▶ [Action item] Keep the images out while you set down the data exactly.

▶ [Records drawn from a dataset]
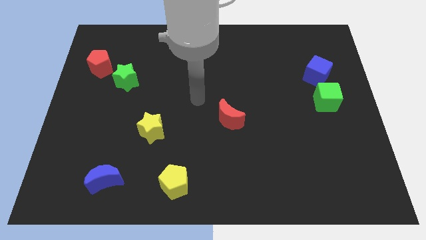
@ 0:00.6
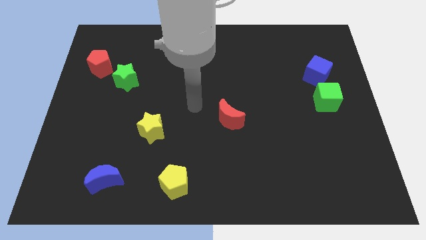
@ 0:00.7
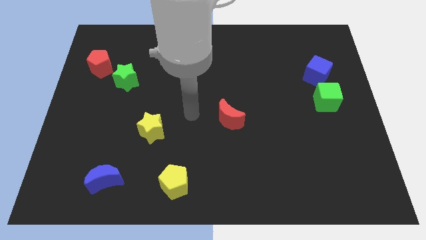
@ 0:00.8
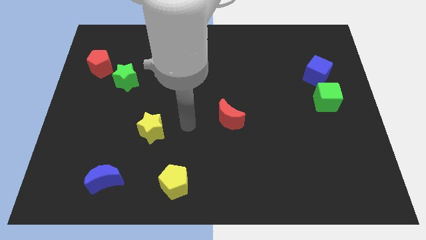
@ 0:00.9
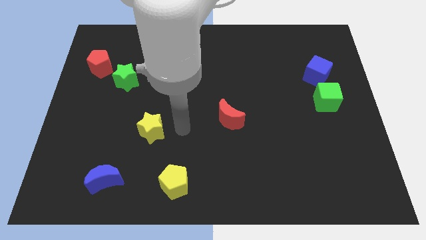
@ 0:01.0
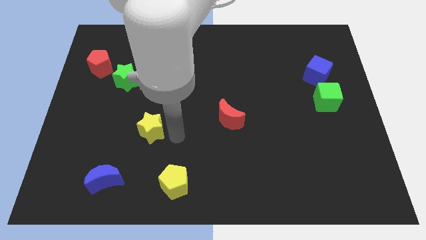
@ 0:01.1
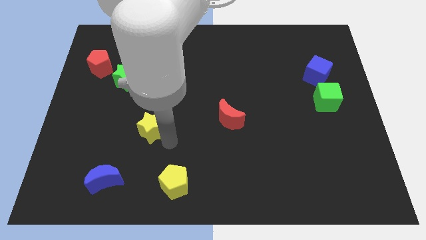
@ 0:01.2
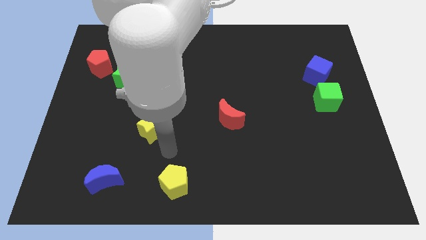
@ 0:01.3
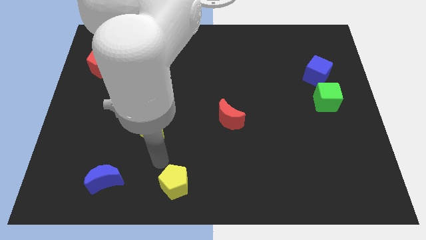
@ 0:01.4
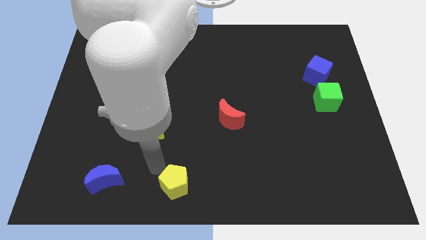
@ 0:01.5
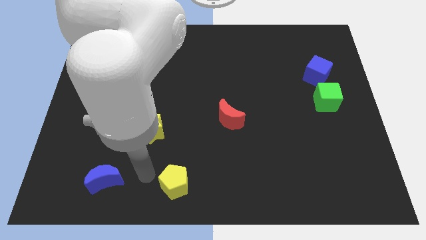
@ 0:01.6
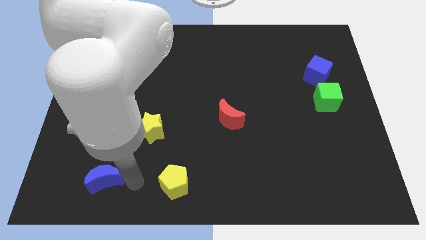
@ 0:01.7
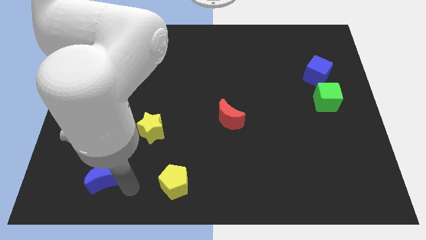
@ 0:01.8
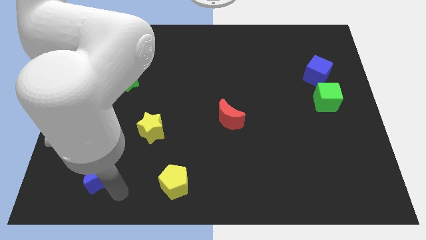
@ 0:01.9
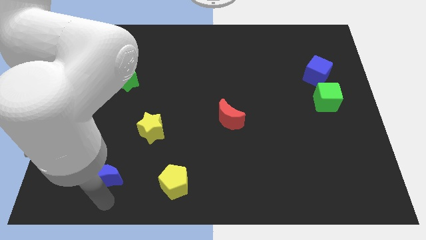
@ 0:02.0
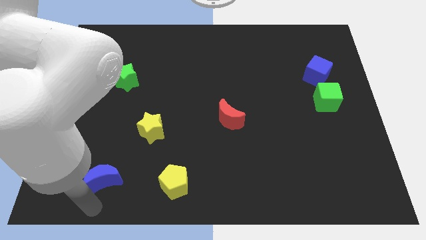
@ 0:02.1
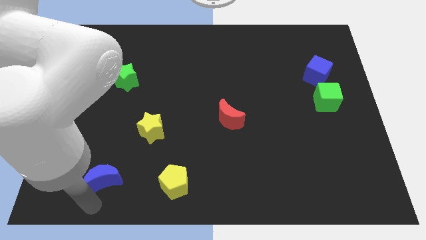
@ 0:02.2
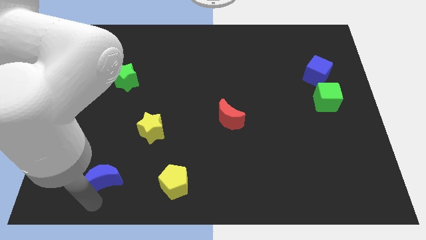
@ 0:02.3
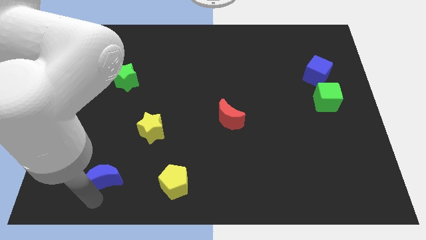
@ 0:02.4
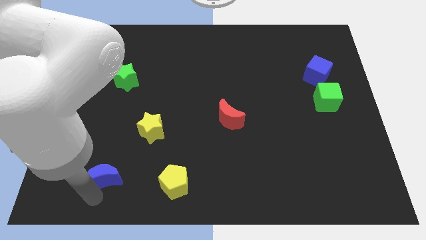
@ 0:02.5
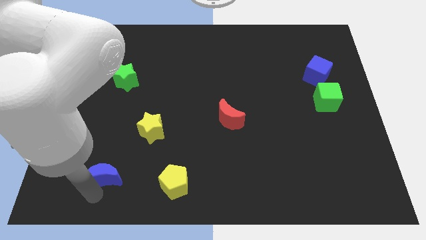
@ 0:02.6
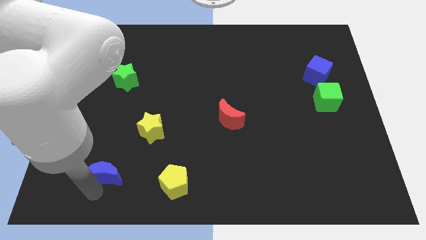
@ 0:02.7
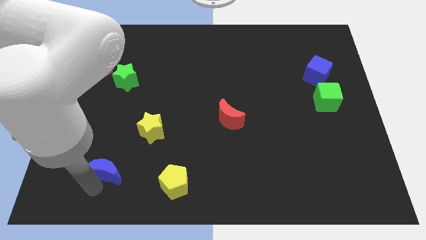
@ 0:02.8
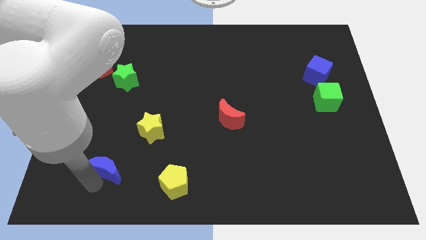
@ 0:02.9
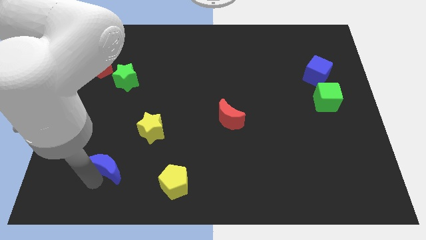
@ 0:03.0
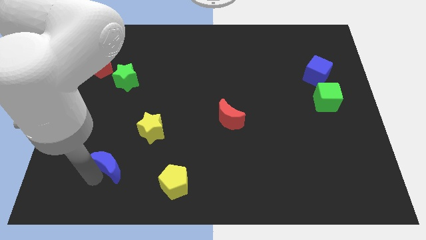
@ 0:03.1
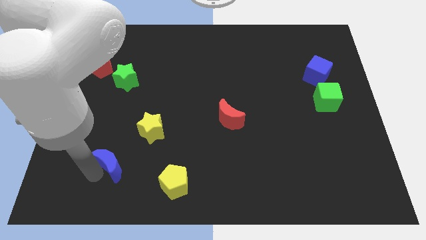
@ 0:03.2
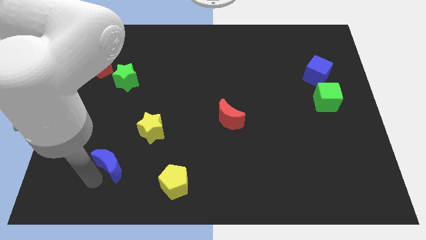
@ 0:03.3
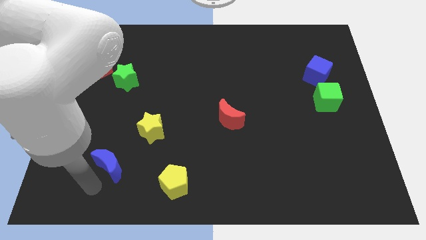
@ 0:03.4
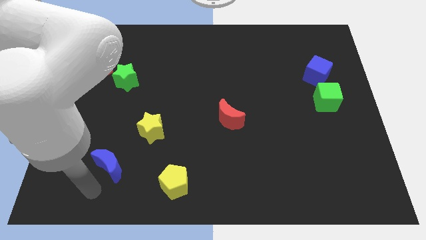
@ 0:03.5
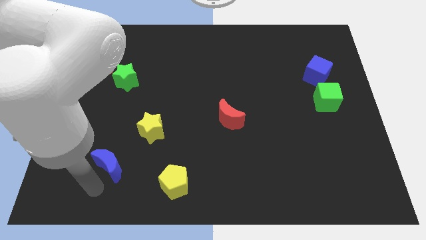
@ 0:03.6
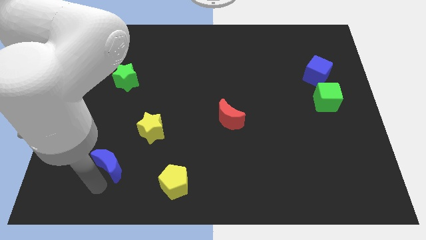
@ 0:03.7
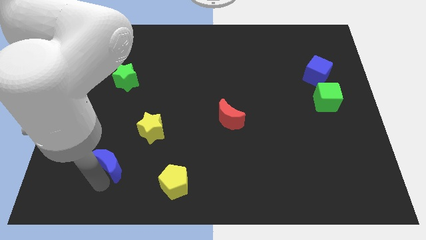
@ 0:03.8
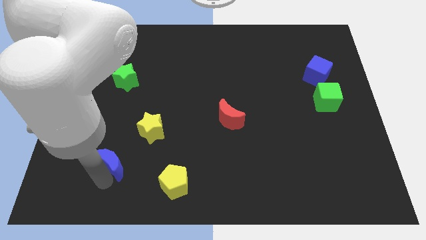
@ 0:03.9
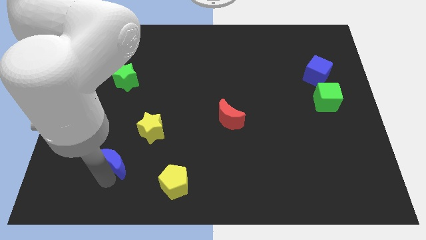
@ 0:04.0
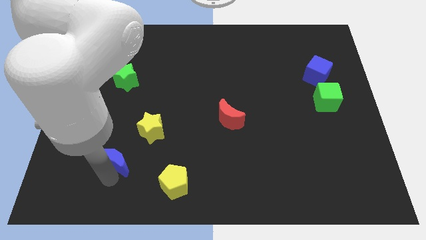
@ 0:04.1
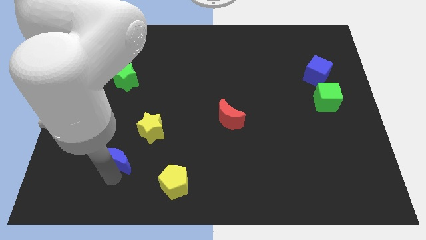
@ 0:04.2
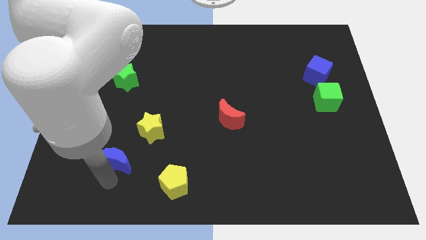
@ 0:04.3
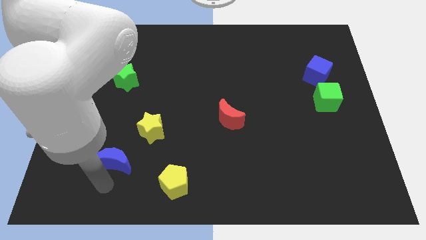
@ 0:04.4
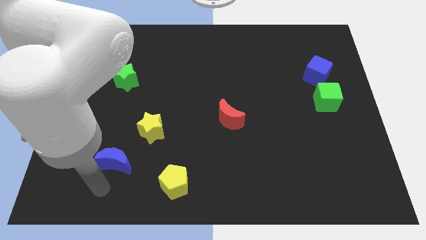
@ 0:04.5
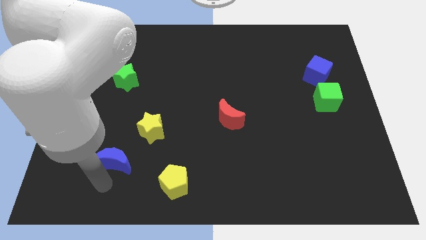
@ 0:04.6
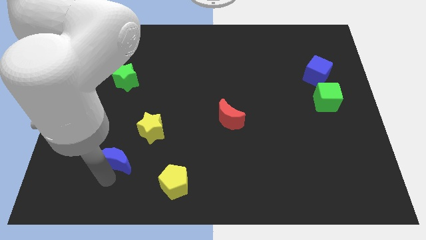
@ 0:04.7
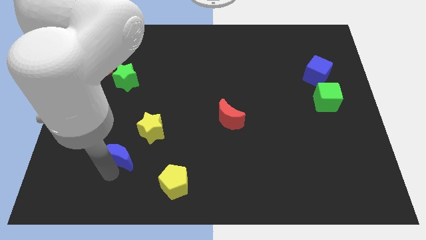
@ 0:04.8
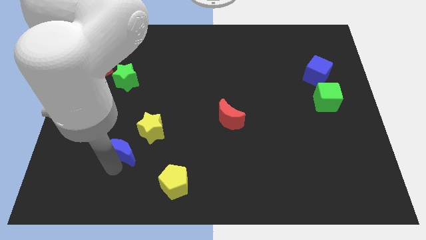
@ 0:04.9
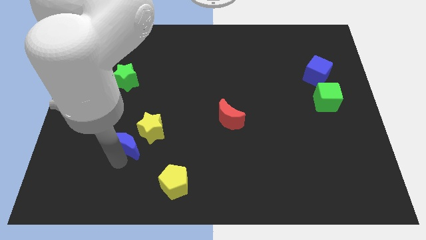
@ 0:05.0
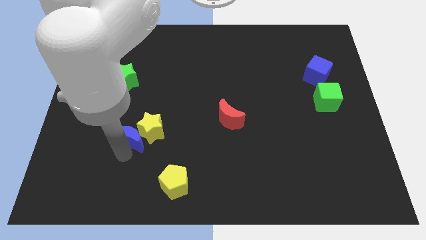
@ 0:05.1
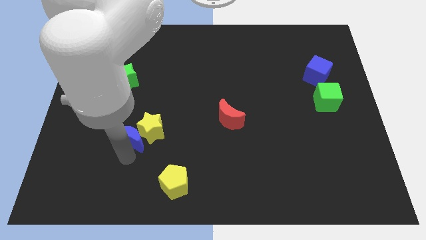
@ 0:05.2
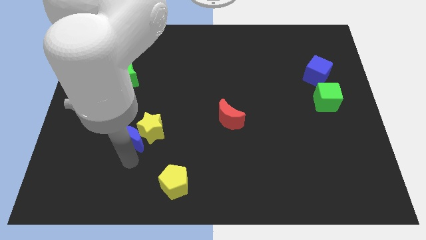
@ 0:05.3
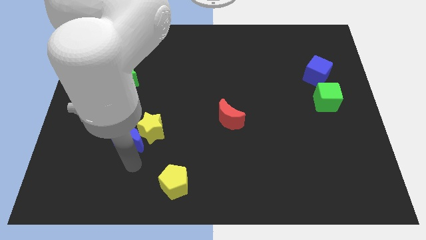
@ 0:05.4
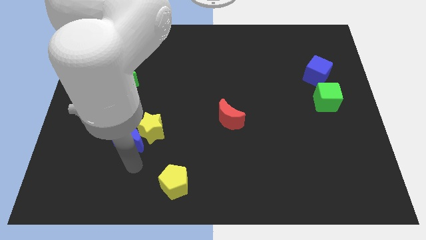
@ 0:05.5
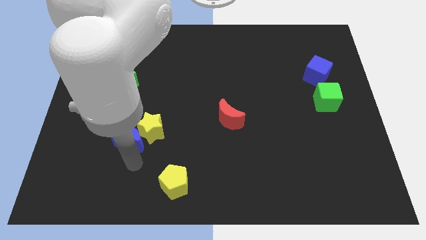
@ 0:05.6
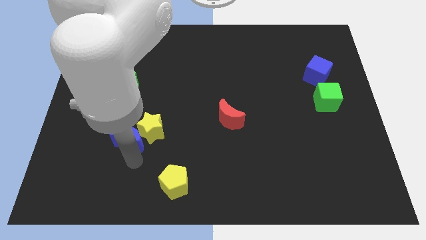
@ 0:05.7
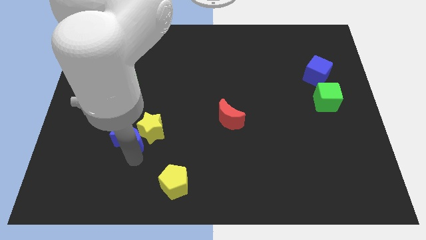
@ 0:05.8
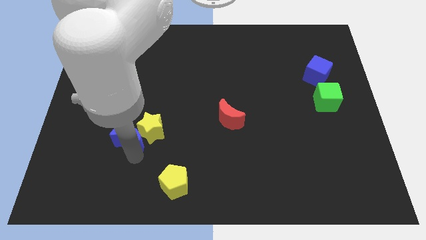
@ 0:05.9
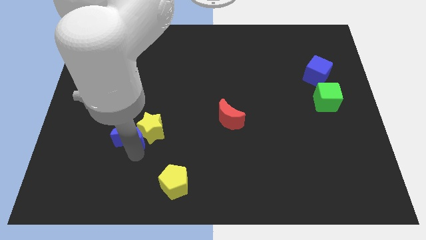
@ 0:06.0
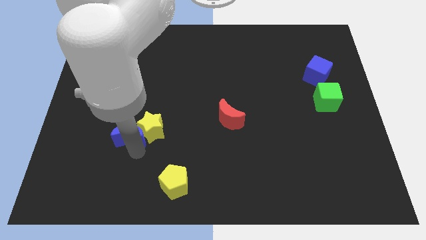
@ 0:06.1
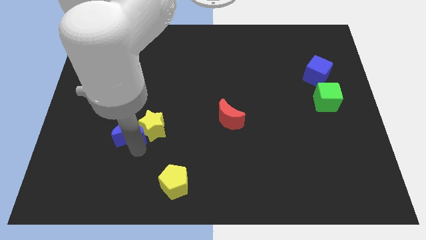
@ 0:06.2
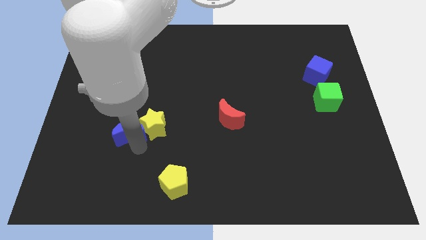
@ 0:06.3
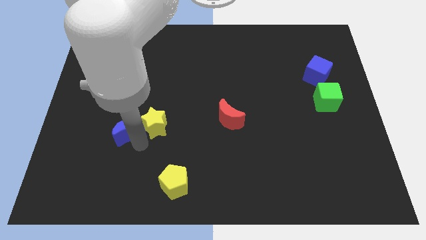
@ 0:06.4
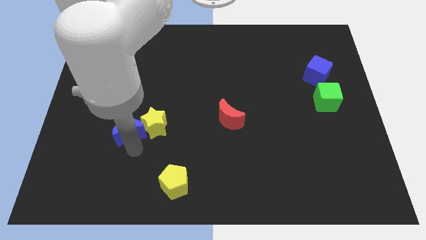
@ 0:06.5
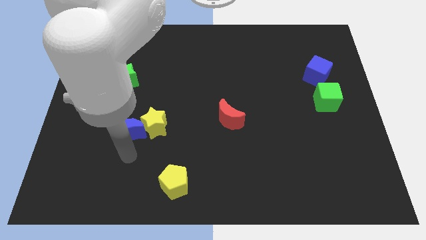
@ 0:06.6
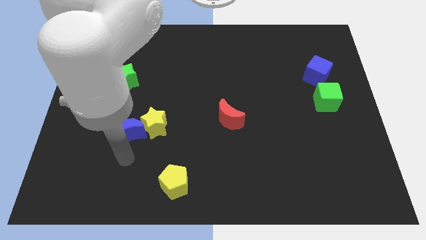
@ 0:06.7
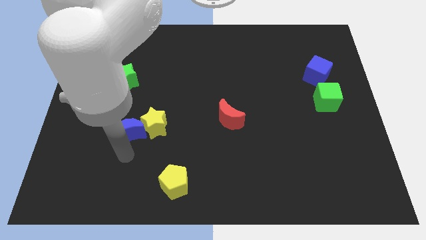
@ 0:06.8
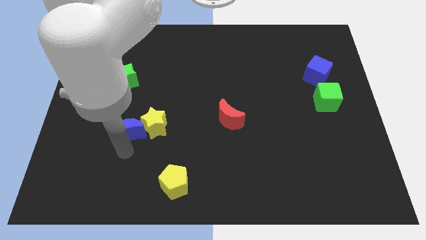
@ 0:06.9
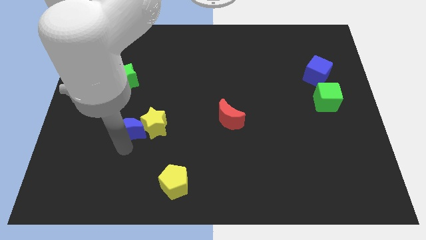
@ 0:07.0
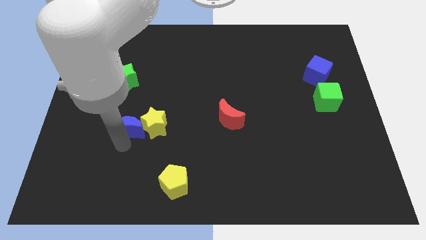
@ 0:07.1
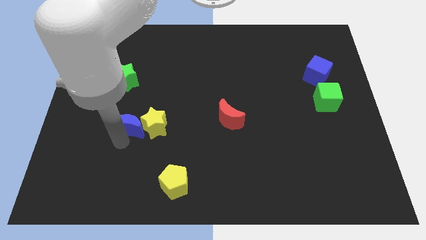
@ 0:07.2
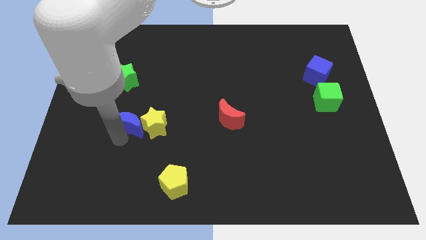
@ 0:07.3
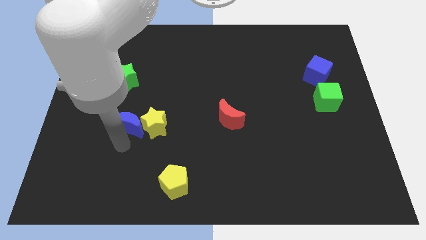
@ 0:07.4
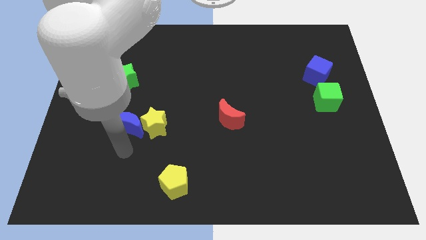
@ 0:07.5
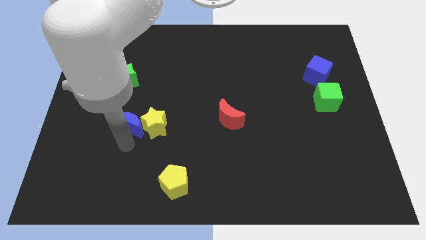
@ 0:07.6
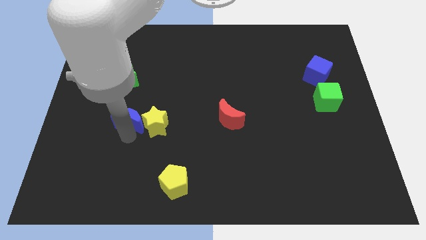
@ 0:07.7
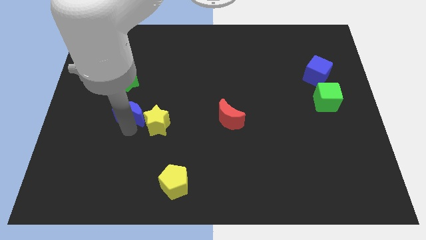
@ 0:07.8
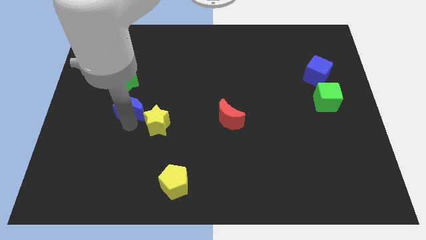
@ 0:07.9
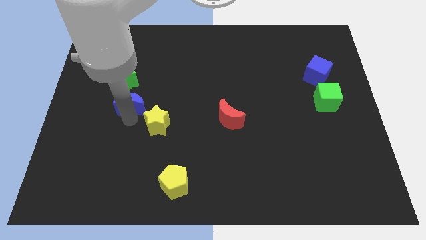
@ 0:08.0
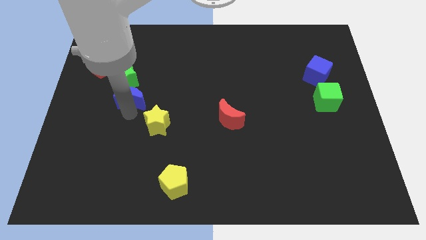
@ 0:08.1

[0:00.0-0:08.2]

▶ [Output below]
@ 0:00.6
@ 0:00.7
@ 0:00.8
@ 0:00.9
@ 0:01.0
@ 0:01.1
@ 0:01.2
@ 0:01.3
@ 0:01.4
@ 0:01.5
@ 0:01.6
@ 0:01.7
@ 0:01.8
@ 0:01.9
@ 0:02.0
@ 0:02.1
@ 0:02.2
@ 0:02.3
@ 0:02.4
@ 0:02.5
@ 0:02.6
@ 0:02.7
@ 0:02.8
@ 0:02.9
@ 0:03.0
@ 0:03.1
@ 0:03.2
@ 0:03.3
@ 0:03.4
@ 0:03.5
@ 0:03.6
@ 0:03.7
@ 0:03.8
@ 0:03.9
@ 0:04.0
@ 0:04.1
@ 0:04.2
@ 0:04.3
@ 0:04.4
@ 0:04.5
@ 0:04.6
@ 0:04.7
@ 0:04.8
@ 0:04.9
@ 0:05.0
@ 0:05.1
@ 0:05.2
@ 0:05.3
@ 0:05.4
@ 0:05.5
@ 0:05.6
@ 0:05.7
@ 0:05.8
@ 0:05.9
@ 0:06.0
@ 0:06.1
@ 0:06.2
@ 0:06.3
@ 0:06.4
@ 0:06.5
@ 0:06.6
@ 0:06.7
@ 0:06.8
@ 0:06.9
@ 0:07.0
@ 0:07.1
@ 0:07.2
@ 0:07.3
@ 0:07.4
@ 0:07.5
@ 0:07.6
@ 0:07.7
@ 0:07.8
@ 0:07.9
@ 0:08.0
@ 0:08.1

[0:00.0-0:08.2]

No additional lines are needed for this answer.